William Wordsworth 1770–1850
English poet 

  1. Suffering is permanent, obscure and dark,
    And shares the nature of infinity.
     
    The Borderers (1842)
  2. Who is the happy Warrior? Who is he
    Whom every man in arms should wish to be?
     
    ‘Character of the Happy Warrior’ (1807); see Read
  3. Earth has not anything to show more fair:
    Dull would he be of soul who could pass by
    A sight so touching in its majesty:
    This City now doth like a garment wear
    The beauty of the morning.
     
    ‘Composed upon Westminster Bridge’ (1807)
  4. Dear God! the very houses seem asleep;
    And all that mighty heart is lying still!
     
    ‘Composed upon Westminster Bridge’ (1807)

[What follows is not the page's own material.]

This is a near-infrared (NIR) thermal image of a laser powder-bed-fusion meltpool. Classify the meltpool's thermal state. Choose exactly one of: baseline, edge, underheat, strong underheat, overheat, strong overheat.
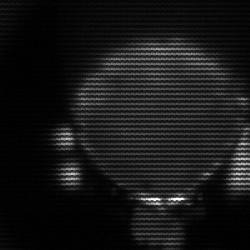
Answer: edge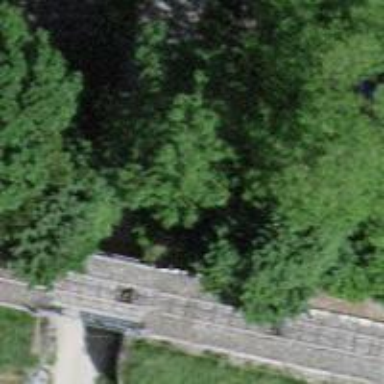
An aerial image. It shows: Culvert tunnel.

  5. The light that never was, on sea or land,
    The consecration, and the Poet's dream.
     
    on a picture of Peele Castle in a storm
    ‘Elegiac Stanzas’ (1807)
  6. The good die first,
    And they whose hearts are dry as summer dust
    Burn to the socket.
     
    The Excursion (1814) bk. 1, l. 500
  7. Bliss was it in that dawn to be alive,
    But to be young was very heaven!
     
    ‘The French Revolution, as it Appeared to Enthusiasts’ (1809); also The Prelude (1850) bk. 9, l. 108
  8. Not choice
    But habit rules the unreflecting herd.
     
    ‘Grant that by this unsparing hurricane’ (1822)
  9. It is a beauteous evening, calm and free;
    The holy time is quiet as a nun
    Breathless with adoration.
     
    ‘It is a beauteous evening, calm and free’ (1807)

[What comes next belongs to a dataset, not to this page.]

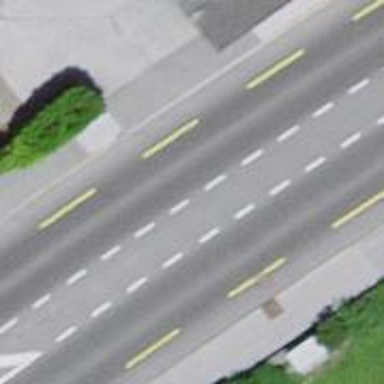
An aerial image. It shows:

  10. We must be free or die, who speak the tongue
    That Shakespeare spake; the faith and morals hold
    Which Milton held.
     
    ‘It is not to be thought of that the Flood’ (1807)
  11. I travelled among unknown men,
    In lands beyond the sea;
    Nor England! did I know till then
    What love I bore to thee.
     
    ‘I travelled among unknown men’ (1807)

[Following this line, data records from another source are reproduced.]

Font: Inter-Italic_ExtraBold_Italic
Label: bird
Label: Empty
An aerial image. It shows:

  12. I wandered lonely as a cloud
    That floats on high o'er vales and hills,
    When all at once I saw a crowd,
    A host, of golden daffodils;
    Beside the lake, beneath the trees,
    Fluttering and dancing in the breeze.
     
    ‘I wandered lonely as a cloud’ (1815 ed.); see Wordsworth
  13. For oft, when on my couch I lie
    In vacant or in pensive mood,
    They flash upon that inward eye
    Which is the bliss of solitude;
    And then my heart with pleasure fills,
    And dances with the daffodils.
     
    ‘I wandered lonely as a cloud’ (1815 ed.)
  14. On that best portion of a good man's life,
    His little, nameless, unremembered, acts
    Of kindness and of love.
     
    ‘Lines composed a few miles above Tintern Abbey’ (1798) l. 33
  15. That blessed mood
    In which the burthen of the mystery,
    In which the heavy and the weary weight
    Of all this unintelligible world,
    Is lightened.
     
    ‘Lines composed…above Tintern Abbey’ (1798) l. 37
  16. I have learned
    To look on nature, not as in the hour
    Of thoughtless youth; but hearing oftentimes
    The still, sad music of humanity.
     
    ‘Lines composed…above Tintern Abbey’ (1798) l. 88
  17. A sense sublime
    Of something far more deeply interfused,
    Whose dwelling is the light of setting suns,
    And the round ocean and the living air,
    And the blue sky, and in the mind of man.
     
    ‘Lines composed…above Tintern Abbey’ (1798) l. 95
  18. All the mighty world
    Of eye and ear, both what they half-create,
    And what perceive.
     
    ‘Lines composed…above Tintern Abbey’ (1798) l. 106
  19. And much it grieved my heart to think
    What man has made of man.
     
    ‘Lines Written in Early Spring’ (1798)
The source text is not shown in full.